The inventors identify the following background art because they believe it will be useful in understanding, searching, and examining the invention. This invention lies in an area of the technical arts where it really is necessary to be a rocket scientist to understand the invention. The inventors anticipate that they may be required to explain the invention to persons who are not technically trained, such as administrators, jurists or judges. To aid in understanding the present inventors they offer: 1. an overview of information on space launch vehicles, including some technical and cost data on certain specific vehicles; 2. information on the background art related to partially reusable launch systems and 3. relevant U.S. patents. Taken as a whole, this body of information represents the current state of the art in launch vehicle recoverable boosters, as the inventors know it at the time of their filing of this patent application. It also illustrates the enormous complexity of this field of art, which is currently in a dynamic period of development.
Background of Space Launch Vehicles
Although sounding rockets may reach altitudes above the atmosphere of the Earth, the term space launch vehicle is applied usually to those rocket boosters designed to place satellites in orbit or to impart Earth-escape velocity to spacecraft.
By about 1950 the technology of rocket propulsion had reached a level at which consideration of a project to launch an Earth satellite became feasible.
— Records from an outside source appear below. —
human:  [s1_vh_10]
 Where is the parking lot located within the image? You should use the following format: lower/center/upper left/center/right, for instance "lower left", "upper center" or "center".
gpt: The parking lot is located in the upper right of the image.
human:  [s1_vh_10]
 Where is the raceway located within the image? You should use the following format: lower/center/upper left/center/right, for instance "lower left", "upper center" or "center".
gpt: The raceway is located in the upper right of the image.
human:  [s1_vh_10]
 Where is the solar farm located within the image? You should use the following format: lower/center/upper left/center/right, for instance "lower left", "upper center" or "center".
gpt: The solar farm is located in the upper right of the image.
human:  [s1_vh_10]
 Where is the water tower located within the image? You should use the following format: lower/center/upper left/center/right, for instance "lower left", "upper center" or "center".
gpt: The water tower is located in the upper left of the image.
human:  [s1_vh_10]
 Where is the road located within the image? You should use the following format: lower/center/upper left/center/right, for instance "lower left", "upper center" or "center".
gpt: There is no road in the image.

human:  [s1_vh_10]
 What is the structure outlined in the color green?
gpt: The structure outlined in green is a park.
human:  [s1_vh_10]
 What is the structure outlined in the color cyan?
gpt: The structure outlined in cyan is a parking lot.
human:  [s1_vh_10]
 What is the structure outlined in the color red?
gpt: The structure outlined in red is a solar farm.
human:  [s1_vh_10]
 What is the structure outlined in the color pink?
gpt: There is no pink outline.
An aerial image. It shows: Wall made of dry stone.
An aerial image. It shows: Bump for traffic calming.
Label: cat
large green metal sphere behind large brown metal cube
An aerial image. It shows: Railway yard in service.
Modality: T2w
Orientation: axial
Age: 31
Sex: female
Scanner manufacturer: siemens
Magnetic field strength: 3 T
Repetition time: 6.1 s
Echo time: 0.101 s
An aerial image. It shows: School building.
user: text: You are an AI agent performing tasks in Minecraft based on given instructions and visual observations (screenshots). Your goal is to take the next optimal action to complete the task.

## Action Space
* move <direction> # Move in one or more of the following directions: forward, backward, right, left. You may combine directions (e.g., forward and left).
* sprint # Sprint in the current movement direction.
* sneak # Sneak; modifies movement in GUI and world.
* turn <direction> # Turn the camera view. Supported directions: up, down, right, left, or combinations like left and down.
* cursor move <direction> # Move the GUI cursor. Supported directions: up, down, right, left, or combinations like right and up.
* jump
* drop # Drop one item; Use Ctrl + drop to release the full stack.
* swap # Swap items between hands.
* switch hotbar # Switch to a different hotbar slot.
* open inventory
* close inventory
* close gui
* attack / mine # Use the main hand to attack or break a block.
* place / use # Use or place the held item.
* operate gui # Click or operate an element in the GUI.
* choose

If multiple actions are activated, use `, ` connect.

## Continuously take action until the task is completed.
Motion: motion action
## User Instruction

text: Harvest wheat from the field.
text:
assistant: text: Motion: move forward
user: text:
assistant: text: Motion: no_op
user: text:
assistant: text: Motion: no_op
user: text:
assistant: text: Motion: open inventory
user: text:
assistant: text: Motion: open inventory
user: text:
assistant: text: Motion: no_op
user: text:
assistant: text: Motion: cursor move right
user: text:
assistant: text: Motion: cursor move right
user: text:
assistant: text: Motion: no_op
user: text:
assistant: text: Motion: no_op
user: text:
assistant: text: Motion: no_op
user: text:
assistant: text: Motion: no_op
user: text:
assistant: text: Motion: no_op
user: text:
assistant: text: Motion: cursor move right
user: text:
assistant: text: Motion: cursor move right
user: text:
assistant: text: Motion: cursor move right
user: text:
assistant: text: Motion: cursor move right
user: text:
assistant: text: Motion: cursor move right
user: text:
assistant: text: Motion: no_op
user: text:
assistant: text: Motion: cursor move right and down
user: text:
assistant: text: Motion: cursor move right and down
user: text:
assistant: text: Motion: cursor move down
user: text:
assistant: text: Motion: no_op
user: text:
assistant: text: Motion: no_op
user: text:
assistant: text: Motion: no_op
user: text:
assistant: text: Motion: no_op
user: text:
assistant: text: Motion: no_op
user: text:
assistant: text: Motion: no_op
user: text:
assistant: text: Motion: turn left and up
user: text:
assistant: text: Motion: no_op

Worldwide scientific studies during the IGY of 1957-58 provided the basis for funding. In 1955 both the United States and the Soviet Union announced satellite programs as part of their national effort in the IGY.
When Sputnik 1 and 2 were launched in 1957 the Soviet Union released no details of their launch vehicles. In May 1958 Sputnik 3, weighing nearly 1,360 kilograms, was launched. It was not until 1967 that the basic Soviet launch vehicle was displayed. It was a 2½-stage vehicle of the “A” series (in this case, “A-1”): two stages with four drop-away booster pods. Each booster pod contained four rocket engines (totaling 16) with propellant tankage, and the central core had four engines. Propellants were liquid oxygen and kerosene.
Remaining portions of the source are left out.